= Origin and occurrence of fluorine =

Fluorine is relatively rare in the universe compared to other elements of nearby atomic weight. On Earth, fluorine is essentially found only in mineral compounds because of its reactivity. The main commercial source, fluorite, is a common mineral.

==In the universe==

Solar System abundances
| Atomic number | Element | Relative amount |
|---|---|---|
| 6 | Carbon | 8,500 |
| 7 | Nitrogen | 2,300 |
| 8 | Oxygen | 17,000 |
| 9 | Fluorine | 1 |
| 10 | Neon | 2,600 |
| 11 | Sodium | 69 |
| 12 | Magnesium | 1,200 |

At 400 ppb, fluorine is estimated to be the 24th most common element in the universe. It is comparably rare for a light element (elements tend to be more common the lighter they are). All of the elements from atomic number 6 (carbon) to atomic number 12 (magnesium) are hundreds or thousands of times more common than fluorine except for 11 (sodium). One science writer described fluorine as a "shack amongst mansions" in terms of abundance. Fluorine is so rare because it is not a product of the usual nuclear fusion processes in stars. And any created fluorine within stars is rapidly eliminated through strong nuclear fusion reactions—either with hydrogen to form oxygen and helium, or with helium to make neon and hydrogen. The presence of fluorine at all—outside of temporary existence in stars—is somewhat of a mystery because of the need to escape these fluorine-destroying reactions.

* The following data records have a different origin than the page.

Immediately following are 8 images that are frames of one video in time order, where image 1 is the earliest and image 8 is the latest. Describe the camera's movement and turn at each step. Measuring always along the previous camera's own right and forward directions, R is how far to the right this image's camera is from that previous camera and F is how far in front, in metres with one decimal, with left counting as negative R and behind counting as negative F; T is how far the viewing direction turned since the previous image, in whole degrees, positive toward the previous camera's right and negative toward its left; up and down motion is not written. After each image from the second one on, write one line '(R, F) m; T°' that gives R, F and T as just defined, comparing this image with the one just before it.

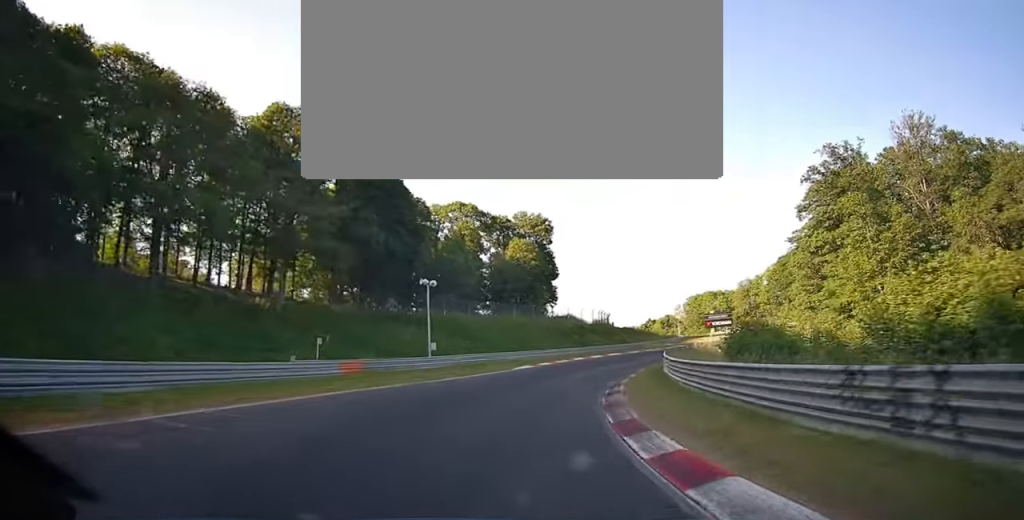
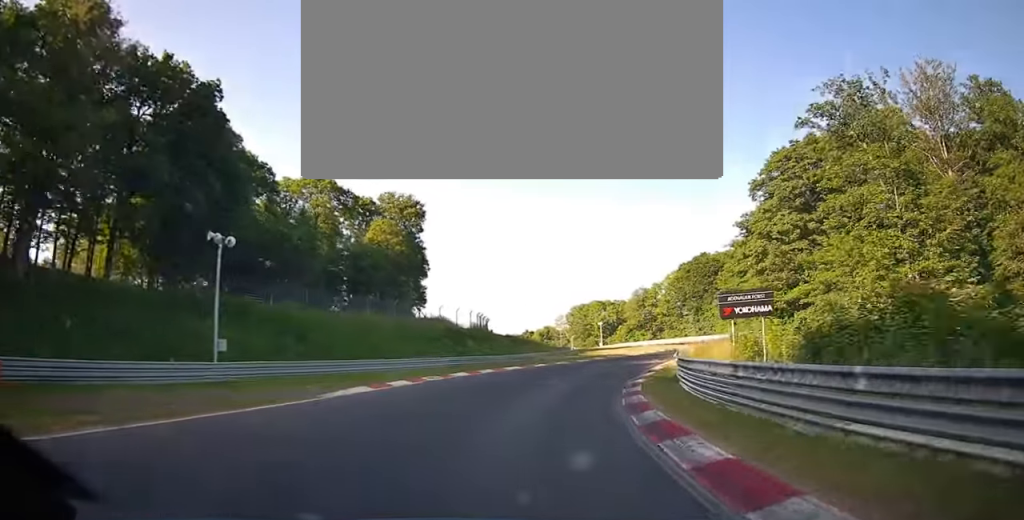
(+3.0, +18.1) m; +15°
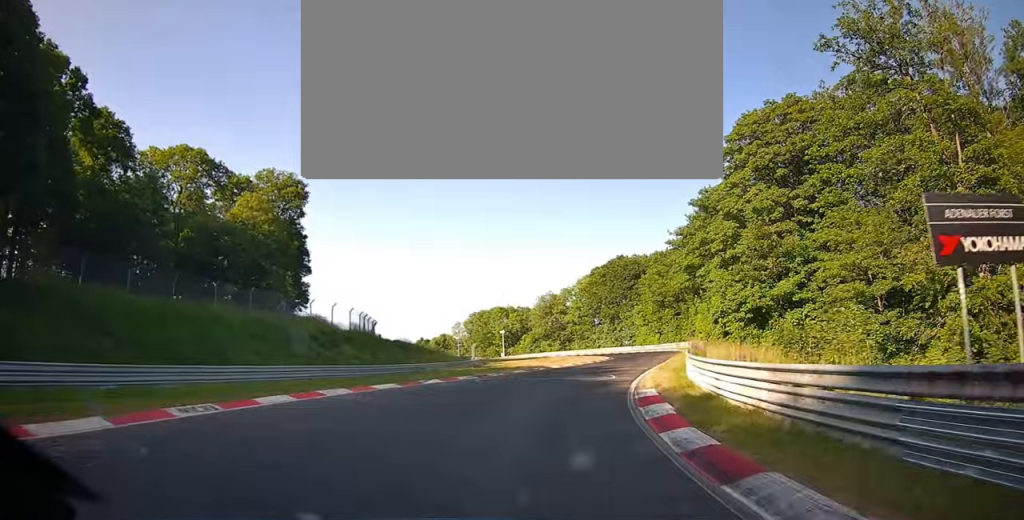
(+1.4, +13.2) m; +9°
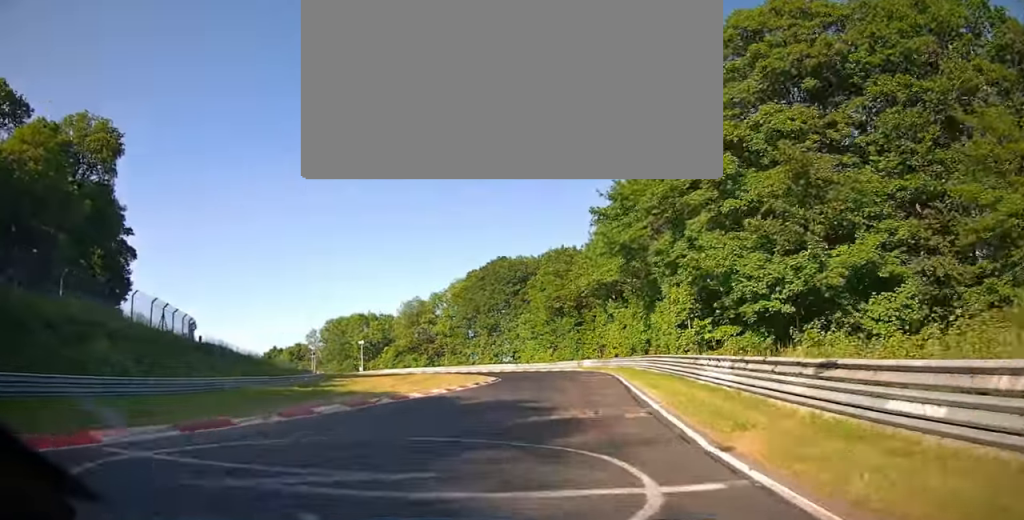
(+1.2, +17.6) m; +4°
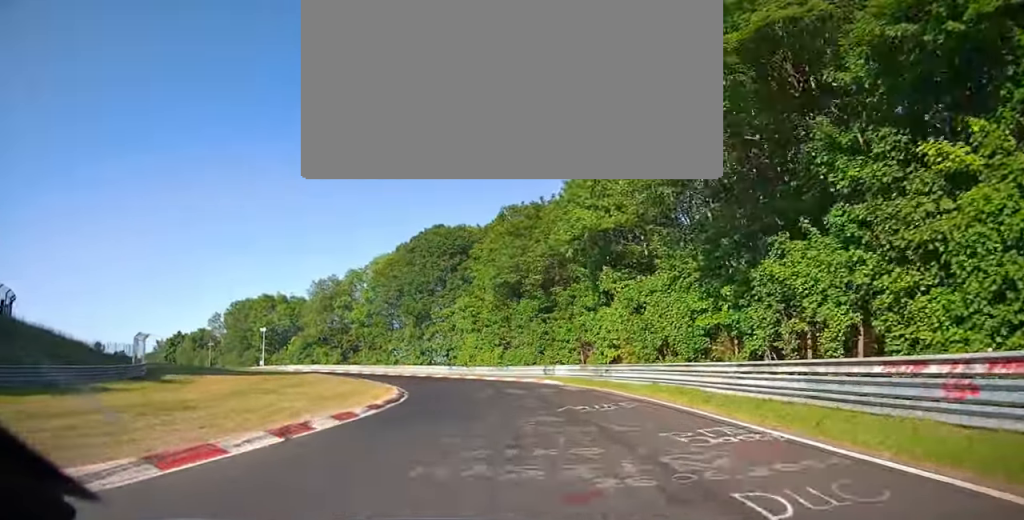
(+0.7, +22.2) m; -1°
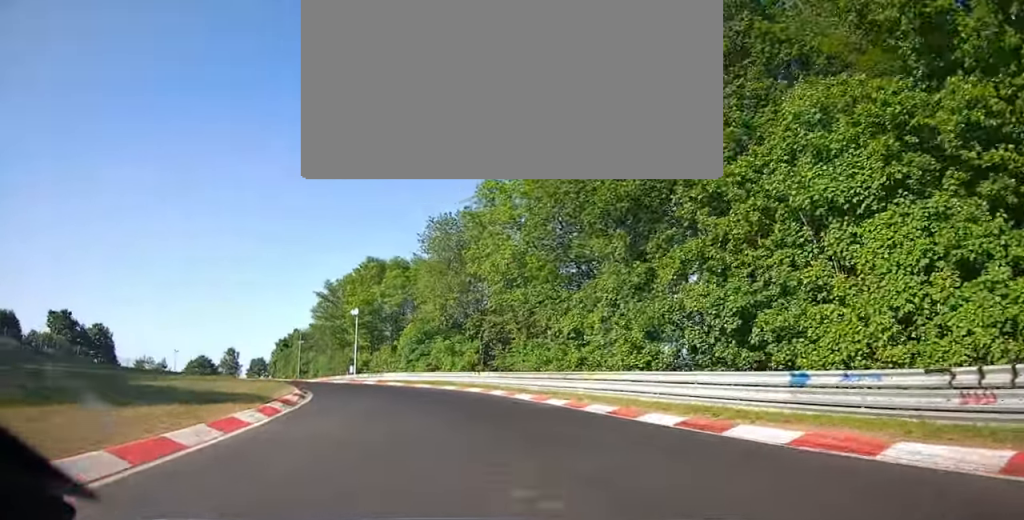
(-5.9, +40.8) m; -23°
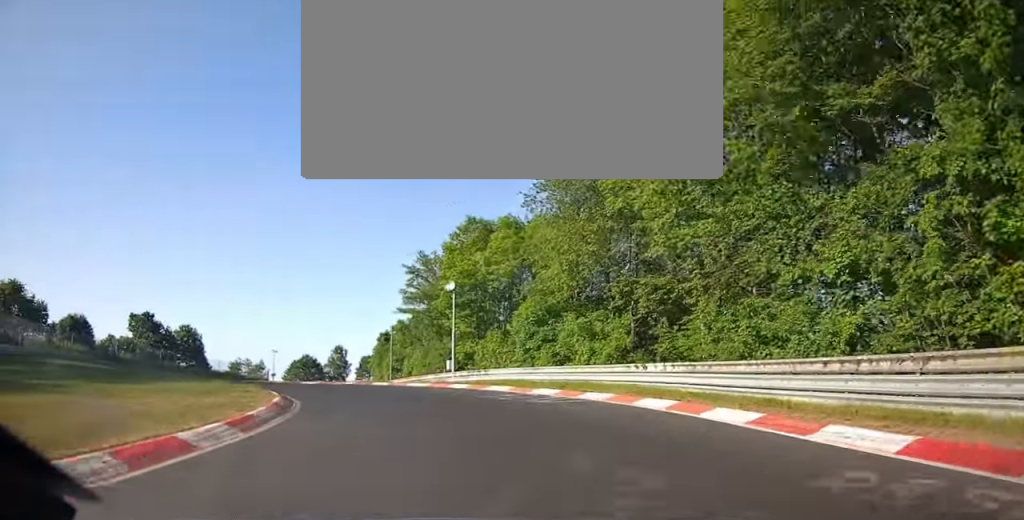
(-1.6, +13.9) m; -13°
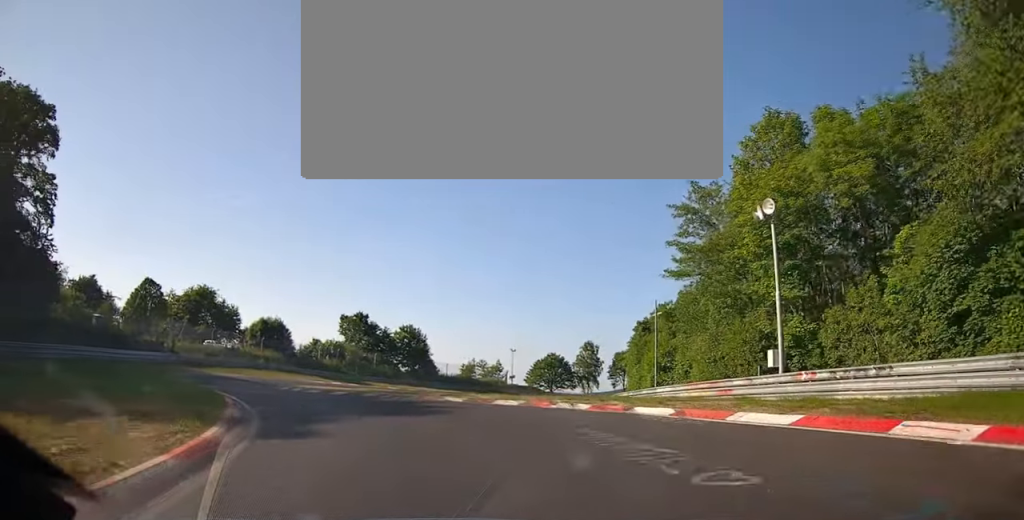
(-3.4, +19.0) m; -23°

Three theoretical solutions to the mystery exist: In type II supernovae, atoms of neon could be hit by neutrinos during the explosion and converted to fluorine. In Wolf-Rayet stars (blue stars over 40 times heavier than the Sun), a strong solar wind could blow the fluorine out of the star before hydrogen or helium could destroy it. Finally, in asymptotic giant branch (a type of red giant) stars, fusion reactions occur in pulses and convection could lift fluorine out of the inner star. Only the red giant hypothesis has supporting evidence from observations, fluorine cations have been found in planetary nebulae.

In space, fluorine commonly combines with hydrogen to form hydrogen fluoride. (This compound has been suggested as a tracer to enable tracking reservoirs of hydrogen in the universe.) In addition to HF, monatomic fluorine has been observed in the interstellar medium. Fluorine cations have been seen in planetary nebulae and in stars, including the Sun.

==On Earth==

Fluorine is the thirteenth most common element in Earth's crust, comprising between 600 and 700 ppm of the crust by mass. Because of its reactivity, it is essentially only found in compounds.

===Commercial sources===

Three minerals exist that are industrially relevant sources of fluorine: fluorite, fluorapatite, and cryolite.

Major fluorine-containing minerals
| Fluorite | Fluorapatite | Cryolite |

====Fluorite====

Fluorite (CaF_{2}), also called fluorspar, is the main source of commercial fluorine. Fluorite is a colorful mineral associated with hydrothermal deposits. It is common and found worldwide. China supplies more than half of the world's demand and Mexico is the second-largest producer in the world.

The United States produced most of the world's fluorite in the early 20th century, but its last mine, in Illinois, shut down in 1995. Canada also exited production in the 1990s. The United Kingdom has declining fluorite mining and has been a net importer since the 1980s.

====Fluorapatite====

Fluorapatite (Ca_{5}(PO_{4})_{3}F) is mined along with other apatites for its phosphate content and is used mostly for production of fertilizers. Most of the Earth's fluorine is bound in this mineral, but because the percentage within the mineral is low (3.5%), the fluorine is discarded as waste. Only in the United States is there significant recovery. There, the hexafluorosilicates produced as byproducts are used to supply water fluoridation.

====Cryolite====

Cryolite (Na_{3}AlF_{6}) is the least abundant of the three major fluorine-containing minerals, but is a concentrated source of fluorine. It was formerly used directly in aluminium production. However, the main commercial mine, on the west coast of Greenland, closed in 1987.

===Minor occurrences===

Several other minerals, such as the gemstone topaz, contain fluoride. Fluoride is not significant in seawater or brines, unlike the other halides, because the alkaline earth fluorides precipitate out of water. Commercially insignificant quantities of organofluorines have been observed in volcanic eruptions and in geothermal springs. Their ultimate origin (from biological sources or geological formation) is unclear.

The possibility of small amounts of gaseous fluorine within crystals has been debated for many years. One form of fluorite, antozonite, has a smell suggestive of fluorine when crushed. The mineral also has a dark black color, perhaps from free calcium (not bonded to fluoride). In 2012, a study reported detection of trace quantities (0.04% by weight) of diatomic fluorine in antozonite. It was suggested that radiation from small amounts of uranium within the crystals had caused the free fluorine defects.